夏休みといえば、お盆。暑い時期でスイカやかき氷も欠かせませんが、そんな中で年間を通じてもっとも法事が多い時期でもあります。お盆はご先祖様を供養し、その霊を慰め、供養する行事とその期間のことを指します。亡くなったご先祖様が、極楽浄土から現世に帰ってくる日なのです。

cc370b9ad943c887791bcd183f5e926e_sそもそもは盂蘭盆会といい、これはインドで使われていたサンスクリット語の「ウラバンナー」という言葉を漢語にしたもので、もともとの意味は「逆さ吊り」。逆さ吊りとお盆になんの関係が?と思いますが、これは「逆さ吊りにされたような苦しみを取り除く」ということだそうです。

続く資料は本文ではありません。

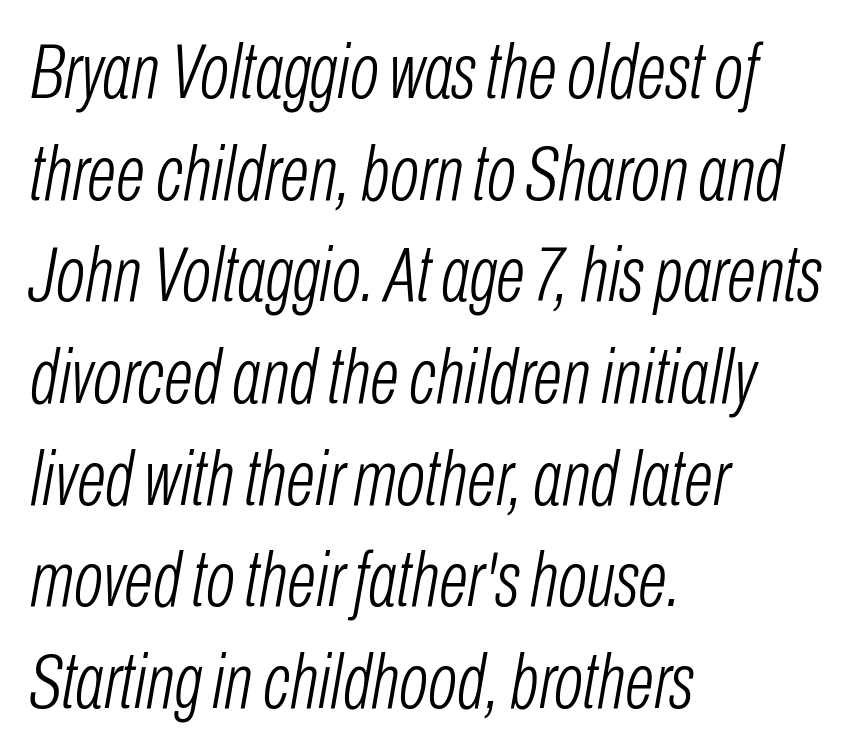
Q: Is the text bold? A: No.
Q: Is the text italic (slanted)? A: Yes, it leans right by about 10 degrees.
Q: Is the text underlined? A: No.
Q: How is the paragraph aligned? A: Left-aligned.
Q: Is the spacing between letters normal or unusually wide? A: Normal.
Q: Is the spacing between lines tight, normal or loose? A: Normal.
Q: Width (condensed, normal, or wide)? A: Condensed.
Q: Stroke contrast? A: Low.
Q: x-height? A: Medium.
Q: Monospaced? A: No.
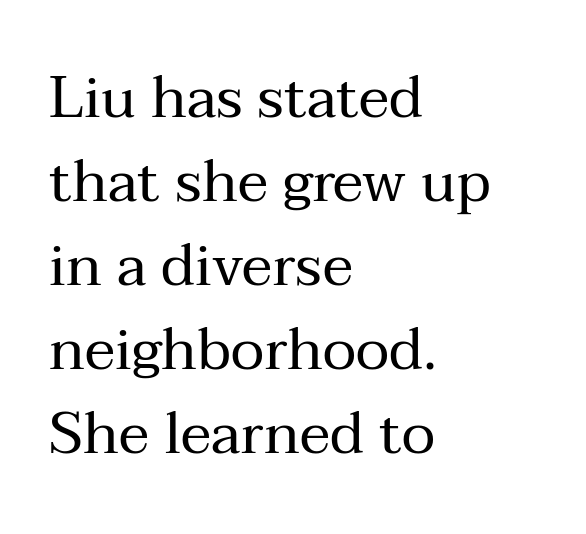
Q: Is the text bold? A: No.
Q: Is the text italic (slanted)? A: No, it is upright.
Q: Is the typeface a serif or a sans-serif typeface? A: Serif.
Q: Is the text underlined? A: No.
Q: How is the paragraph aligned? A: Left-aligned.
Q: Is the spacing between letters normal or unusually wide? A: Normal.
Q: Is the spacing between lines tight, normal or loose? A: Normal.
Q: Width (condensed, normal, or wide)? A: Normal.
Q: Stroke contrast? A: Medium.
Q: x-height? A: Medium.
Q: Monospaced? A: No.
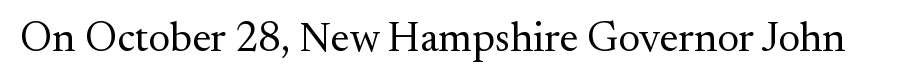
{"serif": "yes", "italic": "no", "bold": "no", "weight": "regular", "width": "normal", "stroke_contrast": "medium", "x_height": "small", "monospaced": "no", "underline": "no", "letter_spacing": "normal", "letter_spacing_em": 0.0, "glyph_px": 42}
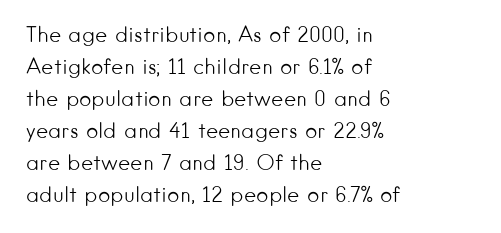
Q: Is the text bold? A: No.
Q: Is the text italic (slanted)? A: No, it is upright.
Q: Is the text underlined? A: No.
Q: How is the paragraph aligned? A: Left-aligned.
Q: Is the spacing between letters normal or unusually wide? A: Normal.
Q: Is the spacing between lines tight, normal or loose? A: Normal.
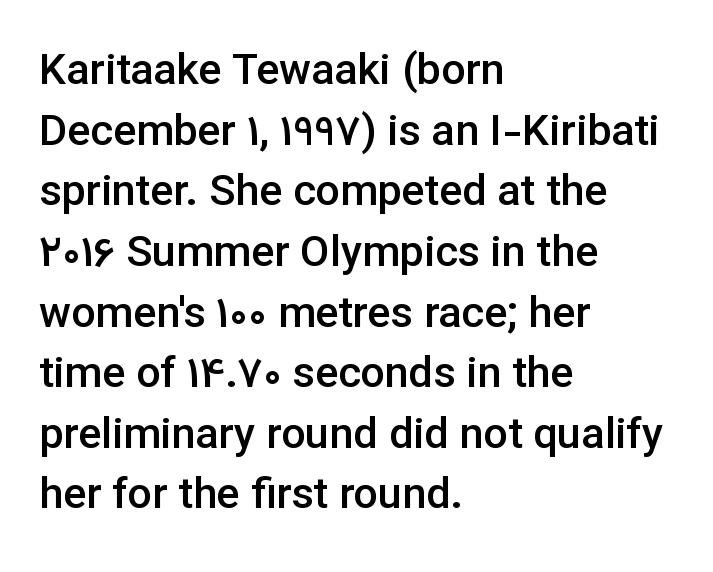
Q: Is the text bold? A: Semi-bold.
Q: Is the text italic (slanted)? A: No, it is upright.
Q: Is the typeface a serif or a sans-serif typeface? A: Sans-serif.
Q: Is the text underlined? A: No.
Q: How is the paragraph aligned? A: Left-aligned.
Q: Is the spacing between letters normal or unusually wide? A: Normal.
Q: Is the spacing between lines tight, normal or loose? A: Normal.
Q: Width (condensed, normal, or wide)? A: Normal.
Q: Stroke contrast? A: Low.
Q: x-height? A: Medium.
Q: Monospaced? A: No.
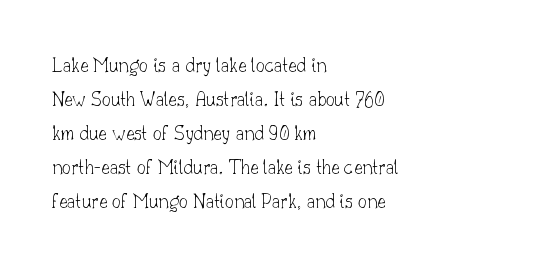
Q: Is the text bold? A: No.
Q: Is the text italic (slanted)? A: No, it is upright.
Q: Is the text underlined? A: No.
Q: How is the paragraph aligned? A: Left-aligned.
Q: Is the spacing between letters normal or unusually wide? A: Normal.
Q: Is the spacing between lines tight, normal or loose? A: Normal.
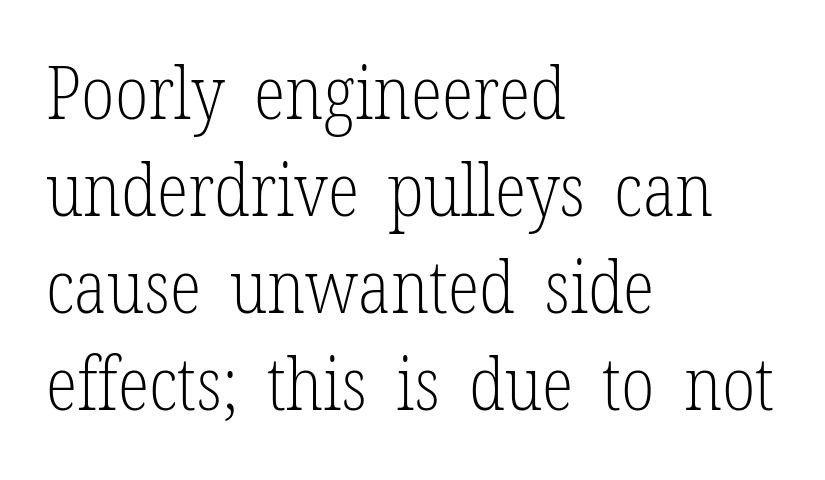
Each new line begins a customary step beneath the previous one. The tracking reads as untouched default to a designer's eye. Regarding serifs, this sample has them. The type sits square on the baseline with zero lean. Decoration check: the copy has no underline.
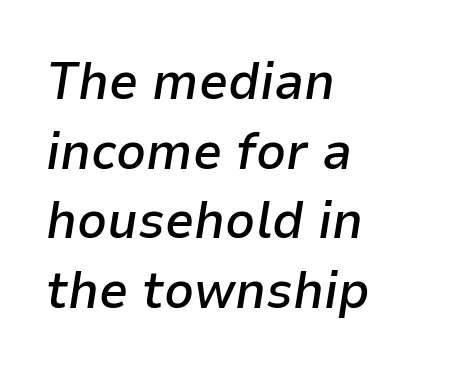
The image shows 52 px semibold type, italic (leaning right); set left-aligned, normal line spacing (1.34x), normal letter spacing, not underlined; low stroke contrast and a medium x-height.
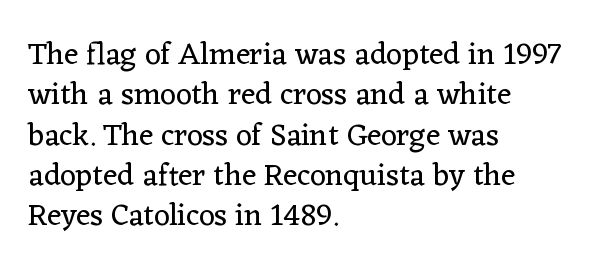
The image shows 31 px regular-weight serif type, upright; set left-aligned, normal line spacing (1.3x), normal letter spacing, not underlined; low stroke contrast and a medium x-height.
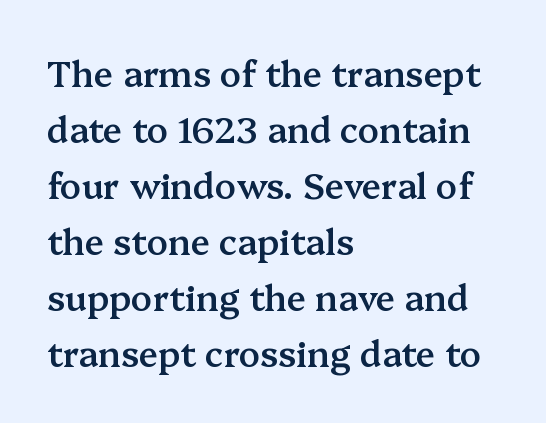
Its strokes are somewhat broadened, the hallmark of semibold type. The passage shown is typeset with a serif family. No word sits above an underline. The axis of the letterforms is exactly vertical. These lines keep a tight, regular rhythm from letter to letter. These lines sit exactly where default settings would place them.
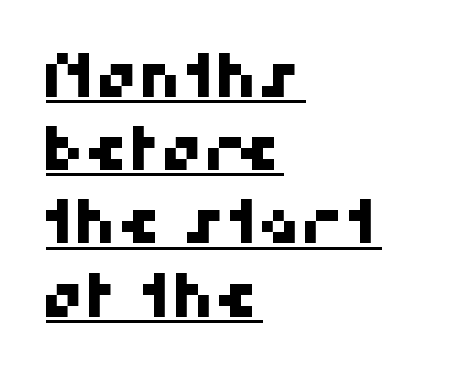
{"serif": "no", "width": "normal", "stroke_contrast": "high", "x_height": "medium", "monospaced": "no", "underline": "yes", "align": "left", "line_spacing_ratio": 1.22, "letter_spacing": "normal", "letter_spacing_em": 0.0, "glyph_px": 60}
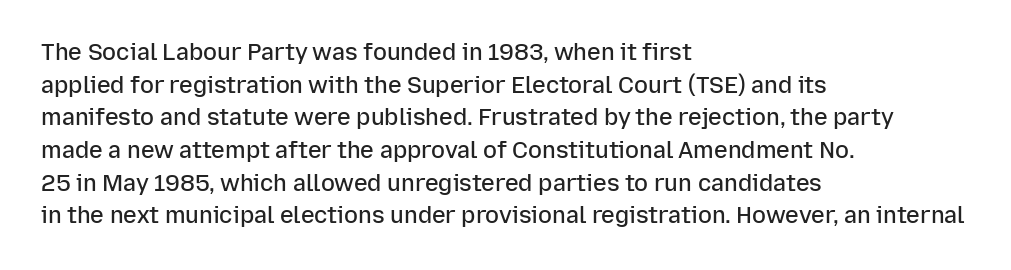
Q: Is the text bold? A: Semi-bold.
Q: Is the text italic (slanted)? A: No, it is upright.
Q: Is the text underlined? A: No.
Q: How is the paragraph aligned? A: Left-aligned.
Q: Is the spacing between letters normal or unusually wide? A: Normal.
Q: Is the spacing between lines tight, normal or loose? A: Normal.
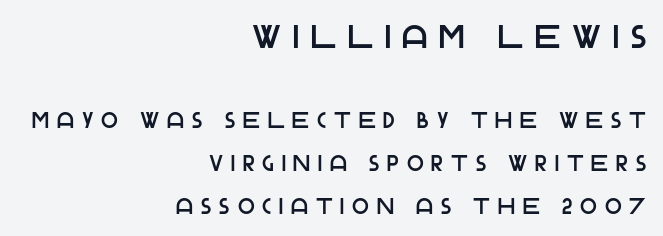
Q: Is the text italic (slanted)? A: No, it is upright.
Q: Is the typeface a serif or a sans-serif typeface? A: Sans-serif.
Q: Is the text underlined? A: No.
Q: How is the paragraph aligned? A: Right-aligned.
Q: Is the spacing between letters normal or unusually wide? A: Unusually wide.
Q: Is the spacing between lines tight, normal or loose? A: Loose.
Q: Which block of text is set in a larger size, the first (top) or the second (bottom)? A: The first (top) one.
Q: Width (condensed, normal, or wide)? A: Normal.
Q: Stroke contrast? A: Low.
Q: x-height? A: Large.
Q: Monospaced? A: No.
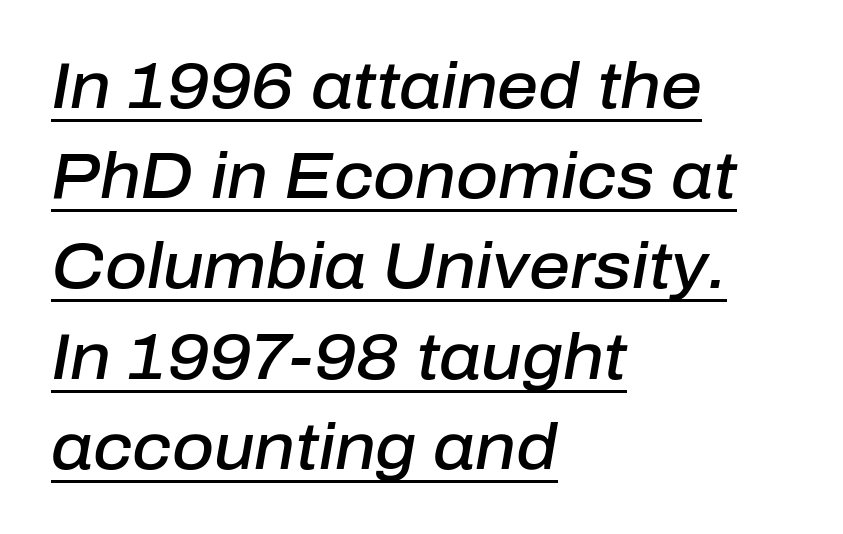
Q: Is the text bold? A: Semi-bold.
Q: Is the text italic (slanted)? A: Yes, it leans right by about 10 degrees.
Q: Is the text underlined? A: Yes.
Q: How is the paragraph aligned? A: Left-aligned.
Q: Is the spacing between letters normal or unusually wide? A: Normal.
Q: Is the spacing between lines tight, normal or loose? A: Normal.
Q: Width (condensed, normal, or wide)? A: Normal.
Q: Stroke contrast? A: Low.
Q: x-height? A: Medium.
Q: Monospaced? A: No.
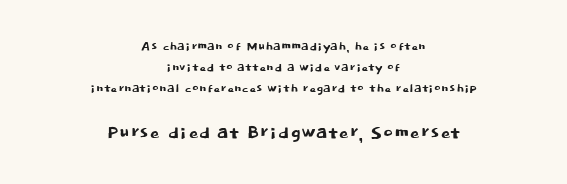
Q: Is the text italic (slanted)? A: No, it is upright.
Q: Is the text underlined? A: No.
Q: How is the paragraph aligned? A: Centered.
Q: Is the spacing between letters normal or unusually wide? A: Normal.
Q: Is the spacing between lines tight, normal or loose? A: Normal.
Q: Which block of text is set in a larger size, the first (top) or the second (bottom)? A: The second (bottom) one.
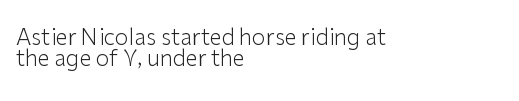
A classic flush-left, rag-right setting is used for this passage. Tightly led — the rows are bunched. Honestly, there is no underline to notice here at all. Heaviness? Minimal to ordinary, like unemphasized prose.
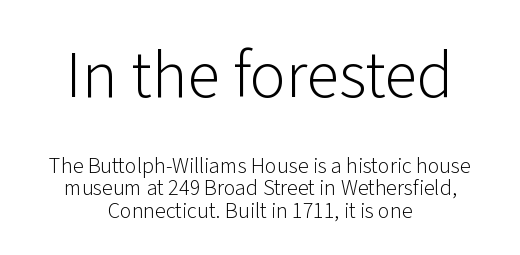
Nope, no serifs anywhere on these letters. This sample is center-justified, so both line endings float freely. Tall strokes in this sample are plumb rather than angled. Is the stroke heavy? The answer is a plain regular-or-lighter. You could barely slide anything between these rows. You could not count columns in this text — the font is proportionally spaced.

盂蘭盆会の由来は、「盂蘭盆経」という経典に書かれている説話によります。

お釈迦様の十大弟子の一人に、目連尊者(もくれんそんじゃ)という方がおられました。容姿端麗、今でいうイケメンで、さまざまな学問に通じていました。お釈迦様の弟子になってからは神通力を得て、この力でお釈迦様の説法を邪魔する悪魔や龍を降伏させたり、迫害しようとしてくる人間を追放したりしたので、いろいろと恨みを受けて迫害されることも多くありました。

その目連尊者が、初めて神通力を得た時のことです。
目連尊者は、亡き父母に何かできないものか?と思い、その力を使って両親の行方を探したところ、餓鬼道に落ちて何も飲み食いができず、苦しんでいる母親を見つけました。何とか母親を助けたいと思った目連尊者は、鉢に盛ったご飯をお供えとして差し出します。でも、母親がご飯を食べようとすると、口に入れる前に炭になってしまい食べることができません。
目連尊者は号泣し、お釈迦様のところへ戻って、母親の話をしました。
すると、お釈迦様は「あなたのお母さんの罪は重かったようで、あなた一人の力ではどうにもできません。」と諭して、「旧暦7月15日に、安居(あんご)の修行を終えたお坊さんたちにたくさんのお布施やおごちそうをして、心から供養しなさい。そうすれば、父母も先祖も親族も三途の苦しみから逃れることができて、時に応じて解脱し、衣食には困らないでしょう」と、おっしゃいました。
目連尊者が、お釈迦様に言われたとおりにすると、母親は餓鬼から逃れることができ、歓喜の舞を踊りながら無事に往生することができた、といいます。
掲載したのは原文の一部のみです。